Transformações de expressões culturais anteriores ao contato: heiva/heava

Nas elucidações dadas às origens do Tiurai em textos de ampla divulgação e em esclarecimentos públicos depara-se frequentemente com a menção de uma origem do festival em 1882. Remontaria a uma revivicação da antiga expressão cultural designada como heiva. Essa menção desperta naturalmente o interesse do pesquisador cultural, pois parece indicar que também no Taiti, em meados do século XIX, ter-se-ia manifestado uma reconscientização de valores culturais tradicionais em época inicial do desenvolvimento dos estudos de Etnografia e Folclore, como se conhece da França e de vários outros países, inclusive também Portugal e Brasil. Muitas seriam as questões que necessitariam ser consideradas através de estudos mais pormenorizados de fontes documentais. Tratar-se-ia de uma integração de ainda existentes expressões tradicionais em oportunidade festiva da comemoração nacional francesa, ou tratar-se-ia antes de reconstruções de expressões já desaparecidas à luz do interesse da época por culturas arcaicas ou por uma arqueocivilização?

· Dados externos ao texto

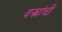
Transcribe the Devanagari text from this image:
वस्त्रांची
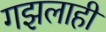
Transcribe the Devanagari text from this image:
गझलाही
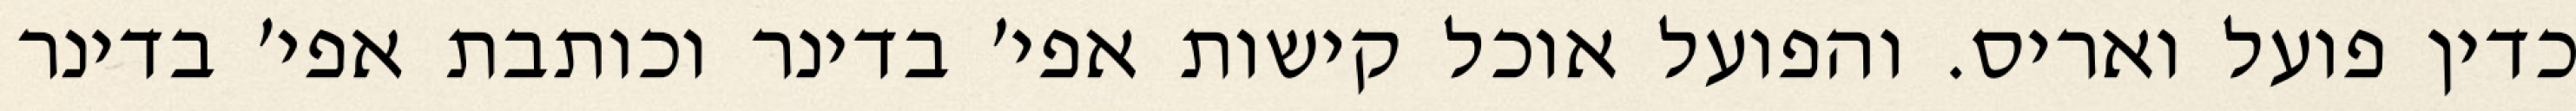
כדין פועל ואריס. והפועל אוכל קישות אפי׳ בדינר וכותבת אפי׳ בדינר
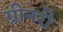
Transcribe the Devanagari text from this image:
ग्रीनरी
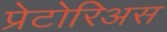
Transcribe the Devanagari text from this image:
प्रेटोरिअस
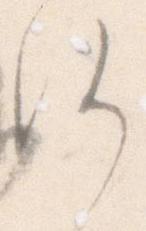
え
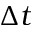
\Delta t
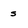
Character: s
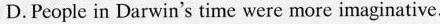
D.People in Darwin's time were more imaginative.
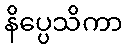
နိပ္ပေသိကာ
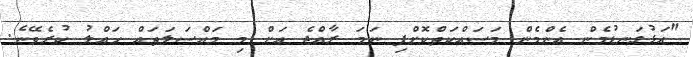
"އަޅުގަނޑުމެން އެންމެން މަސައްކަތްކޮށްފި ނަމަ ރާއްޖެ އަށް މި މައްސަލަތައް ހައްލު ކުރެވޭނެ.
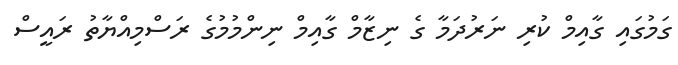
ގަމުގައި ގާއިމް ކުރި ނަރުދަމާ ގެ ނިޒާމް ގާއިމް ނިންމުމުގެ ރަސްމިއްޔާތު ރައީސް
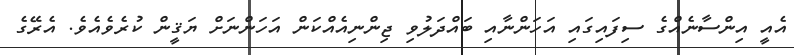
އެއީ އިންސާނެއްގެ ސިފައިގައި އަހަންނާއި ބައްދަލުވި ޖިންނިއެއްކަން އަހަންނަށް ޔަޤީން ކުރެވެއެވެ. އެރޭގެ
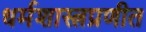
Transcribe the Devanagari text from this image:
धर्मशास्त्रप्रणीत
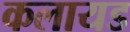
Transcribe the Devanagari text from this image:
कलायड
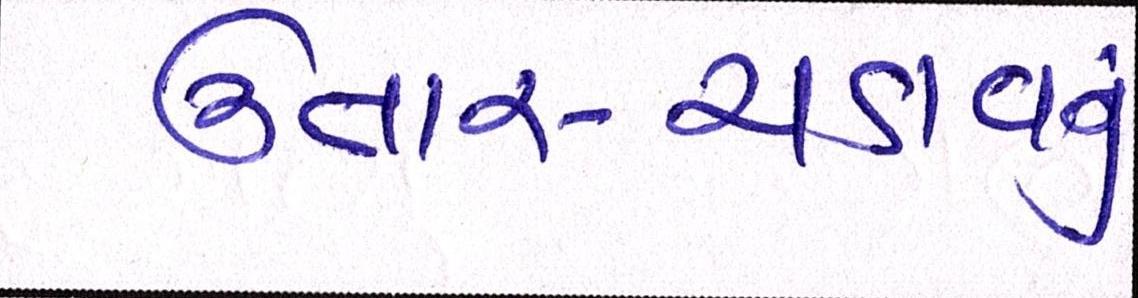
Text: ઉતાર-ચડાવનું
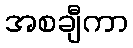
အစချီကာ
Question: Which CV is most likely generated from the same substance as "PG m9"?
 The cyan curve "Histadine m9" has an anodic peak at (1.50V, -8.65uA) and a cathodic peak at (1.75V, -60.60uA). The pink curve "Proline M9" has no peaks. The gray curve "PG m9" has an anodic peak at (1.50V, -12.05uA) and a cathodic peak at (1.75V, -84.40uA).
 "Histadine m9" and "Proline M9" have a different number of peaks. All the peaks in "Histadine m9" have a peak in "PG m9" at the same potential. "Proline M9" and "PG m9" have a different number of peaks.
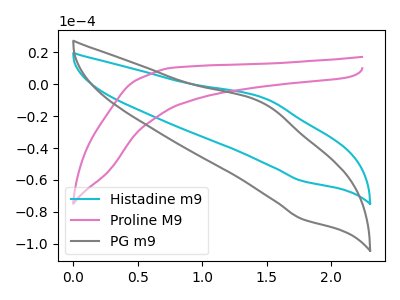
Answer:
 <answer>The CV with the most similar shape to "Histadine m9" is "PG m9".</answer>
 <eval>"PG m9"</eval>
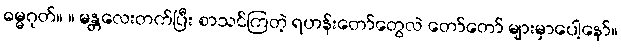
ဓမ္မဂုတ်။ ။ မန္တလေးတက်ပြီး စာသင်ကြတဲ့ ရဟန်းတော်တွေလဲ တော်တော် များမှာပေါ့နော်။
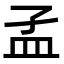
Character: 𥁂
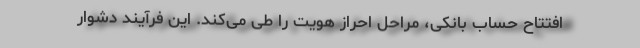
افتتاح حساب بانکی، مراحل احراز هویت را طی می‌کند. این فرآیند دشوار
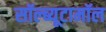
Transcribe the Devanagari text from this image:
सॉल्ब्यूटामॉल
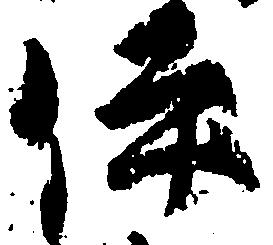
伊
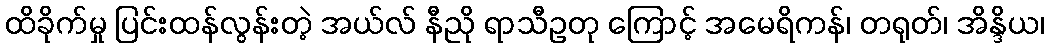
ထိခိုက်မှု ပြင်းထန်လွန်းတဲ့ အယ်လ် နီညို ရာသီဥတု ကြောင့် အမေရိကန်၊ တရုတ်၊ အိန္ဒိယ၊
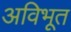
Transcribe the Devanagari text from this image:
अविभूत
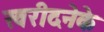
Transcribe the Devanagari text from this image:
खरीदनेके
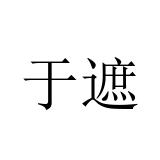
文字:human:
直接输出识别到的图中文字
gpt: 于遮
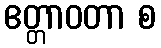
ဧတ္တာဝတာ စ
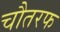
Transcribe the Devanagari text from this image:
चौतरफ
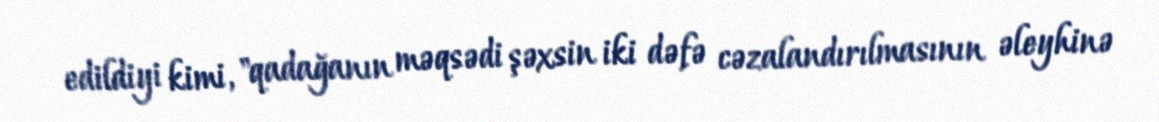
edildiyi kimi, "qadağanın məqsədi şəxsin iki dəfə cəzalandırılmasının əleyhinə
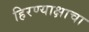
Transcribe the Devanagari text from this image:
हिरण्याक्षाचा
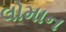
લોમાન
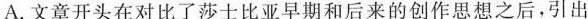
A.文章开头在对比了莎士比亚早期和后来的创作思想之后，引出
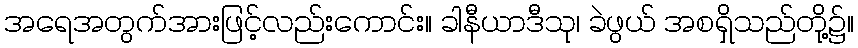
အရေအတွက်အားဖြင့်လည်းကောင်း။ ခါနီယာဒီသု၊ ခဲဖွယ် အစရှိသည်တို့၌။
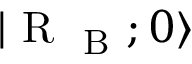
| \mathrm { ~ R ~ } _ { \mathrm { ~ B ~ } } ; 0 \rangle
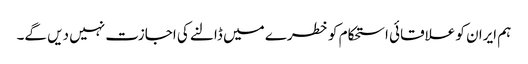
ہم ایران کو علاقائی استحکام کو خطرے میں ڈالنے کی اجازت نہیں دیں گے۔
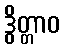
ဒွိတ္တာဝ
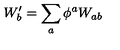
W _ { b } ^ { \prime } = \sum _ { a } \phi ^ { a } W _ { a b }
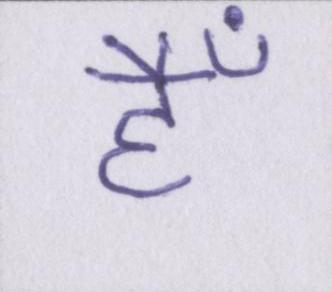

A expressão designada como heiva era conhecida na Europa desde a viagem de James Cook, (1728-1779) como uma das mais significativas manifestações culturais do Taiti. Os relatos dos viajantes a seu respeito despertaram surprêsa e admiração. A importância para a cultura local evidenciava-se no fato de que os próprios líderes taitianos haviam feito questão de que se realizasse uma dessas apresentações a Cook. Essa realização foi fixada visualmente por John Webber (1751-1793), em Otaheiti, em setembro de 1777, demonstrando claramente o cunho de exposição e representação cultural do espetáculo. Apresenta a performance, em dança e géstica, de duas jovens dançarinas ladeadas por dois jovens, esses no característico movimento de joelhos, em meio a um átrio cercado pelos lados pelos espectadores, disciplinados e atentos, tendo ao fundo uma construção coberta mas aberta à frente, onde se localizavam os músicos, distinguindo-se tocadores de tambores. A representação pictórica de John Webber deixa transparecer o cunho demonstrativo, de apresentação artística perante uma platéia.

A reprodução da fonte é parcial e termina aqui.